Who is illegal? The invaders or the invaded? The language of the new liberator to people here is strange indeed
They are nervous. They do not like Saddam Hussein, but they do not like the British army either.

"We are not Palestine, we are not Palestine!" one Iraqi man shouted.

"You can't just occupy us."

Many say they are scared to speak. Many say they just do not want trouble, they do not want war.

Many say they cannot trust the West after Western troops went home in 1991, leaving them to bear the punishment that the Iraqi leader's men meted out.

US President George W Bush keeps talking about liberating Iraq.

"We will bring you food", he says, as if he is imitating his local preacher in Texas. "We will bring you water."

"Criminal forces"

As I write I am in a country without a visa.

Leaflet distributed to Iraqis by British forces saying
Coalition forces pledge things will be different to 1991

I never passed through an Iraqi border checkpoint. I invaded, too. I came in with the British forces.

By all rights of a sovereign nation I am here illegally. By what right am in Iraq? By what right is Britain? That is what Iraqis want to know.

And listen to the language of the British forces.

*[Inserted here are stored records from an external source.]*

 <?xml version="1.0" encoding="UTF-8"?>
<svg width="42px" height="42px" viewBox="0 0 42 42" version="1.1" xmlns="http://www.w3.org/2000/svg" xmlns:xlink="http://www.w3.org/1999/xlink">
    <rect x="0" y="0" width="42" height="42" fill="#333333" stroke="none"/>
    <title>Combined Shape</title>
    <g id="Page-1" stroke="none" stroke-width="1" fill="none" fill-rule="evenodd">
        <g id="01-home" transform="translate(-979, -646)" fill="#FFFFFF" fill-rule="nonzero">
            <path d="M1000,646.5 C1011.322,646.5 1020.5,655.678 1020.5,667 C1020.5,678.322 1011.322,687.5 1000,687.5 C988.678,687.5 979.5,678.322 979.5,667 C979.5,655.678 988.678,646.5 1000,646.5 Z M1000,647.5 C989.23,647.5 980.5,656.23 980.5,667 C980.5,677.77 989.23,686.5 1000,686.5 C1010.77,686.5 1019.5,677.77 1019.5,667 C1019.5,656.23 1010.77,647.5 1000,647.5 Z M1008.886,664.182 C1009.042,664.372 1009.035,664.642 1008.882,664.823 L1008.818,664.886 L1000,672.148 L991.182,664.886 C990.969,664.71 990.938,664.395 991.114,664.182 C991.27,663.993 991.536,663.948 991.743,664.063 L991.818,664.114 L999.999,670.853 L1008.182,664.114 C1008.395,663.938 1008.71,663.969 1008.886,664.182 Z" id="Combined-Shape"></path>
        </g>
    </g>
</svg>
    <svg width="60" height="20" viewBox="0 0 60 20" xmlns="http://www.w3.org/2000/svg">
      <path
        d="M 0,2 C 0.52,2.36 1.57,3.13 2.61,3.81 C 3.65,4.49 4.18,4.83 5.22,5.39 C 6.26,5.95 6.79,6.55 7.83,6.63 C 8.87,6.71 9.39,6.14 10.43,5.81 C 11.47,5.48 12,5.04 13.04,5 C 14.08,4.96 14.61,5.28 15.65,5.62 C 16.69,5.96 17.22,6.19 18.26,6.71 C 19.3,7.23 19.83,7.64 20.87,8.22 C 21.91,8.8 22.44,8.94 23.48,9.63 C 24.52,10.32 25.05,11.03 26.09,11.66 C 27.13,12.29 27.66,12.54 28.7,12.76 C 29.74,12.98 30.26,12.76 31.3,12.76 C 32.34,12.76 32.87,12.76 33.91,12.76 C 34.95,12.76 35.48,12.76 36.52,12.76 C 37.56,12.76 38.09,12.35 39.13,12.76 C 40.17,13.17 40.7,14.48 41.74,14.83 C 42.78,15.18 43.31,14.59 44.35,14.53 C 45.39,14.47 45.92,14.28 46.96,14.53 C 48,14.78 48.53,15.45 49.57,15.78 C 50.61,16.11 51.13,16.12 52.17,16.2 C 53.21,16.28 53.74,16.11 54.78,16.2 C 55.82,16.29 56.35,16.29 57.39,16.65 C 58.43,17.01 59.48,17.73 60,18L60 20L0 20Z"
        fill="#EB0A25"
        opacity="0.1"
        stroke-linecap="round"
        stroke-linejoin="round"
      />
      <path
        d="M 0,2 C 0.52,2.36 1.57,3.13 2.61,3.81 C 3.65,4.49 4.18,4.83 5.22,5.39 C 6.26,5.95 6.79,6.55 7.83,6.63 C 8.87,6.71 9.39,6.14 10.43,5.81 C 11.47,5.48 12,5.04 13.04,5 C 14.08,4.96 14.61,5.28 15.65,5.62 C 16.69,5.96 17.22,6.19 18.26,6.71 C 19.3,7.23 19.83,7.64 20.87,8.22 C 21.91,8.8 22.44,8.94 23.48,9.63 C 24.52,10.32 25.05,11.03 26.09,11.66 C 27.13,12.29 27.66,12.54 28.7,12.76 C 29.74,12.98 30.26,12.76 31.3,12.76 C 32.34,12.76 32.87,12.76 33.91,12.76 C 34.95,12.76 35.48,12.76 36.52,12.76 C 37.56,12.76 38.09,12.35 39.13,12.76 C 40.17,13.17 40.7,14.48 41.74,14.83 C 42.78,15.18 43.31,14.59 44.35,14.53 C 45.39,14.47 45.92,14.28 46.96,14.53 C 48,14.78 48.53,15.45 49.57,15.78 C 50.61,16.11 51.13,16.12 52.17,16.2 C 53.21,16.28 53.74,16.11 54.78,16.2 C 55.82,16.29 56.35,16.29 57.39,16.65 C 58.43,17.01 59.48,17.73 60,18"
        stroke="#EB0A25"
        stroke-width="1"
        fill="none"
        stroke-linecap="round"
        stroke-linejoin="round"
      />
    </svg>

A spokesman at the military headquarters in Qatar called the Iraqi militias "illegal criminal forces".

This was perhaps in reference to the law of armed conflict which defines standards of warfare, such as wearing uniforms and not using civilians as human shields.

New world order?

But whatever you think of Saddam Hussein, how can you call a man defending his sovereign nation an illegal element?

Who is illegal? The invaders or the invaded? The language of the new liberator to people here is strange indeed.

British propaganda pumps happy Arabic music into Iraqi towns near here.

They produce leaflets with pictures of a smiling British soldiers earnestly shaking the hand of a bemused looking Iraqi.

The caption reads "This time we won't abandon you".

Perhaps that is true, perhaps it is not.

This war is almost too big to comprehend.

You lie in your tent here in the desert, small beneath the sky, and try to imagine that more than one quarter of a million soldiers are here - a huge proportion of Britain's army, a huge proportion of America's.

You see the faces of the soldiers, confused, out of their depth as they try to control the crowds, and you wonder where this is going.

A giant war - the birth of a new liberator with his new language - and the birth of a new world order that feels frightening and strange.